Records from a data source
#####

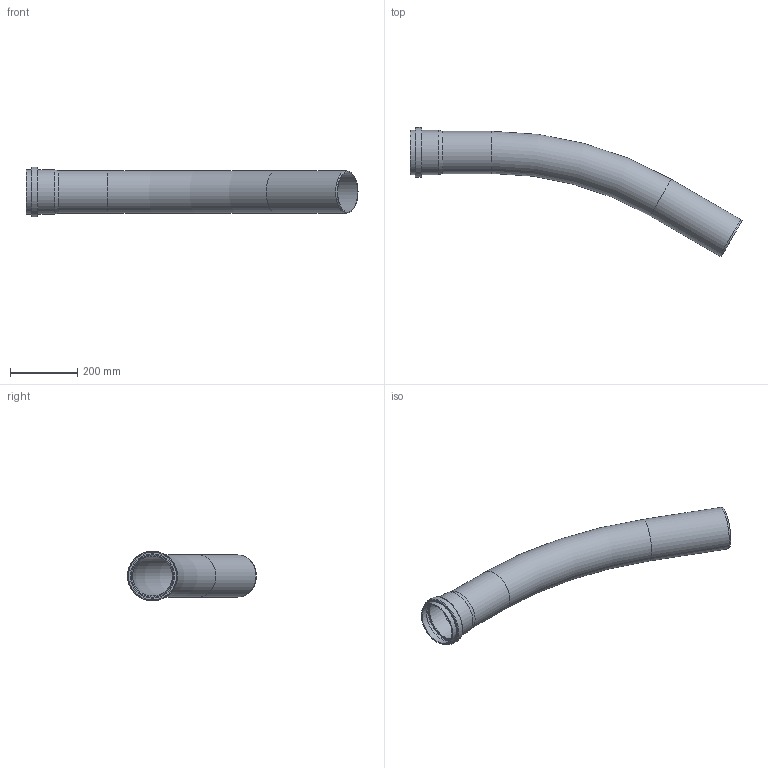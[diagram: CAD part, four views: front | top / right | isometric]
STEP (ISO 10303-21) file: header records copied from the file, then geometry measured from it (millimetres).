
FILE_DESCRIPTION(/* description */ (''),/* implementation_level */ '2;1');
FILE_NAME(/* name */ '730440z.stp',/* time_stamp */ '2023-08-23T12:36:03+02:00',/* author */ ('corinna'),/* organization */ (''),/* preprocessor_version */ 'ST-DEVELOPER v20',/* originating_system */ 'Autodesk Inventor 2024',/* authorisation */ '');
FILE_SCHEMA (('AUTOMOTIVE_DESIGN { 1 0 10303 214 3 1 1 }'));
Length unit declared in the file: millimetre
Products named in the file (1): PP-Bogenrohr_125x31_R1000_30_SM_35018_730440
Bounding box: 984.02 x 382.44 x 148 mm (x, y, z)
Volume: 1227381.3 mm3; surface area: 794377.1 mm2
Topology: 1 solids, 1 shells, 23 faces, 45 edges, 28 vertices
Faces by surface type: cylinder 10, plane 6, torus 4, cone 3
Full cylindrical faces by diameter (mm): 118.8 x2, 125 x2, 125.4 x2, 131.6 x2, 141.8 x1, 148 x1
Entity records: 659 total; most frequent: DIRECTION 125, CARTESIAN_POINT 97, ORIENTED_EDGE 90, AXIS2_PLACEMENT_3D 56, EDGE_CURVE 45, CIRCLE 32, EDGE_LOOP 29, VERTEX_POINT 28
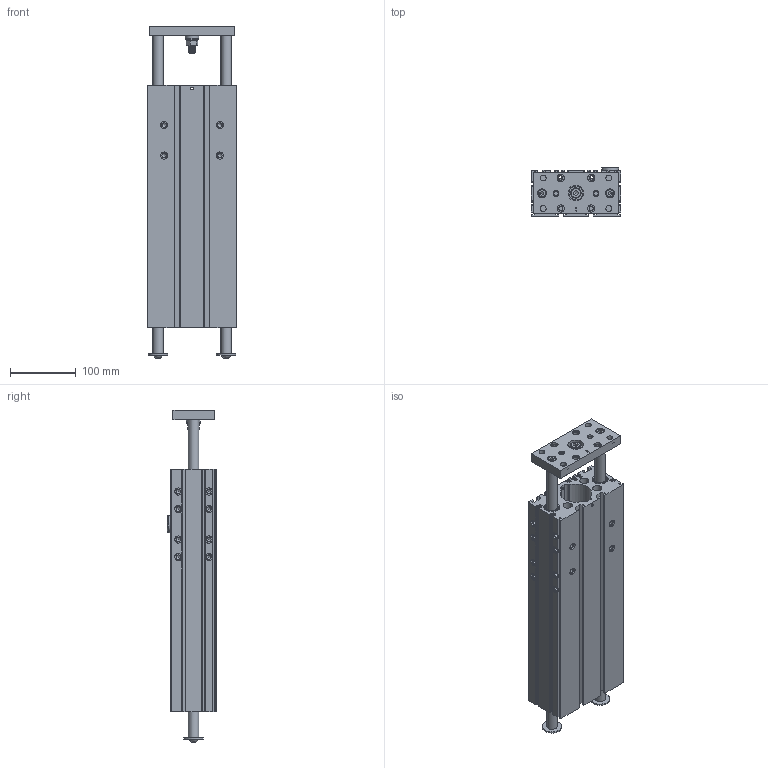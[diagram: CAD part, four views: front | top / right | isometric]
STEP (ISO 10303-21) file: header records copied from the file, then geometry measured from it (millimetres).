
FILE_DESCRIPTION (( 'STEP AP214' ), '1' );
FILE_NAME ('0186-0403_210723_H01-48x370!90-GF.STEP', '2021-07-23T15:17:56', ( '' ), ( '' ), 'SwSTEP 2.0', 'SolidWorks 2021', '' );
FILE_SCHEMA (( 'AUTOMOTIVE_DESIGN' ));
Length unit declared in the file: millimetre
Products named in the file (20): 0180-0185-7_HL01-16x...GF_HL01-16x487-GF; 0160-0728_Flachkopfgleiter_26; 0230-0252_Lins-Schr_I-6k_M8x16_10.9_v-b; 0230-0220_zyl.-schr._i-6kt_M6x25_8.8_v-b; 0230-0246_Zyl.-Schr._I-6kt_M8x20_8.8_v-b; 0230-0019_SP-16x24x3_Wellendichtung; 0230-0181_Zyl.-Schr_I-6kt_n-K_M10x35_8.8_v-b; 0230-0247_Carrosserie_Scheiben_8x30; 0160-0807_Kugelscheibe_M10x20.5x4_INOX_SSC; 0160-0660_Schmiernippel-zu-Abstreiffer; 0180-0499_Gleitlager 12E7!19.01 0!+0.01x28h13_0230-0022; 0230-0322_M1-6K-Mutter-Typ1; 0150-5195_HS01-48x370-GF_HS01-48x370-GF; 0186-0403_210723_H01-48x370!90-GF; 0160-0801_Kegelpfanne_M10x12x4.2_Stahl_Schwartz; 0150-5086_HZ01-48; 0230-0804_Tellerfeder _20x10.2x1.1_Schwartz; 0180-0298_HS01k-48x370; 0180-0109_HF01-48; 0150-3087_PLF01-28_Standard 
Assembly tree (56 placements, depth 3):
  0186-0403_210723_H01-48x370!90-GF
    0150-5195_HS01-48x370-GF_HS01-48x370-GF
      0180-0298_HS01k-48x370
      0180-0499_Gleitlager 12E7!19.01 0!+0.01x28h13_0230-0022  x4
      0230-0019_SP-16x24x3_Wellendichtung  x4
      0150-5086_HZ01-48  x6
      0230-0220_zyl.-schr._i-6kt_M6x25_8.8_v-b  x6
      0160-0728_Flachkopfgleiter_26
      0160-0660_Schmiernippel-zu-Abstreiffer  x2
    0150-5086_HZ01-48  x7
    0230-0220_zyl.-schr._i-6kt_M6x25_8.8_v-b  x7
    0160-0728_Flachkopfgleiter_26
    0180-0109_HF01-48
    0180-0185-7_HL01-16x...GF_HL01-16x487-GF  x2
    0230-0246_Zyl.-Schr._I-6kt_M8x20_8.8_v-b  x2
    0230-0247_Carrosserie_Scheiben_8x30  x2
    0230-0252_Lins-Schr_I-6k_M8x16_10.9_v-b  x2
    0150-3087_PLF01-28_Standard 
      0160-0807_Kugelscheibe_M10x20.5x4_INOX_SSC  x2
      0160-0801_Kegelpfanne_M10x12x4.2_Stahl_Schwartz
      0230-0804_Tellerfeder _20x10.2x1.1_Schwartz
    0230-0181_Zyl.-Schr_I-6kt_n-K_M10x35_8.8_v-b
    0230-0322_M1-6K-Mutter-Typ1
Bounding box: 137 x 75 x 506.4 mm (x, y, z)
Volume: 2370532.6 mm3; surface area: 630850.4 mm2
Topology: 54 solids, 54 shells, 2465 faces, 5630 edges, 3306 vertices
Faces by surface type: cone 852, plane 819, cylinder 752, torus 36, sphere 4, bspline 2
Full cylindrical faces by diameter (mm): 3.3 x2, 3.9 x2, 4 x2, 5 x6, 6 x301, 6.1 x2, 6.4 x13, 6.5 x2, 6.8 x26, 8 x60, 8.4 x2, 8.5 x8, 9 x6, 10 x36, 10.5 x2, 11 x38, 12 x1, 13 x4, 13.5 x2, 14 x5, 15 x6, 16 x8, 17.5 x4, 17.564 x2, 17.613 x2, 18 x19, 20 x7, 21 x3, 24 x10, 24.01 x4
Entity records: 34106 total; most frequent: CARTESIAN_POINT 8011, DIRECTION 5176, ORIENTED_EDGE 4630, EDGE_CURVE 2315, AXIS2_PLACEMENT_3D 1982, VERTEX_POINT 1687, EDGE_LOOP 1624, FACE_OUTER_BOUND 1297

#####

* **Problem**:
Your reply should consist solely of the lines above, from the opening line through the line with "Full cylindrical faces by diameter (mm): 118.8", reproduced exactly and without pictures.

* **The answer**:
[diagram: CAD part, four views: front | top / right | isometric]
STEP (ISO 10303-21) file: header records copied from the file, then geometry measured from it (millimetres).
FILE_DESCRIPTION(/* description */ (''),/* implementation_level */ '2;1');
FILE_NAME(/* name */ '730440z.stp',/* time_stamp */ '2023-08-23T12:36:03+02:00',/* author */ ('corinna'),/* organization */ (''),/* preprocessor_version */ 'ST-DEVELOPER v20',/* originating_system */ 'Autodesk Inventor 2024',/* authorisation */ '');
FILE_SCHEMA (('AUTOMOTIVE_DESIGN { 1 0 10303 214 3 1 1 }'));
Length unit declared in the file: millimetre
Products named in the file (1): PP-Bogenrohr_125x31_R1000_30_SM_35018_730440
Bounding box: 984.02 x 382.44 x 148 mm (x, y, z)
Volume: 1227381.3 mm3; surface area: 794377.1 mm2
Topology: 1 solids, 1 shells, 23 faces, 45 edges, 28 vertices
Faces by surface type: cylinder 10, plane 6, torus 4, cone 3
Full cylindrical faces by diameter (mm): 118.8 x2, 125 x2, 125.4 x2, 131.6 x2, 141.8 x1, 148 x1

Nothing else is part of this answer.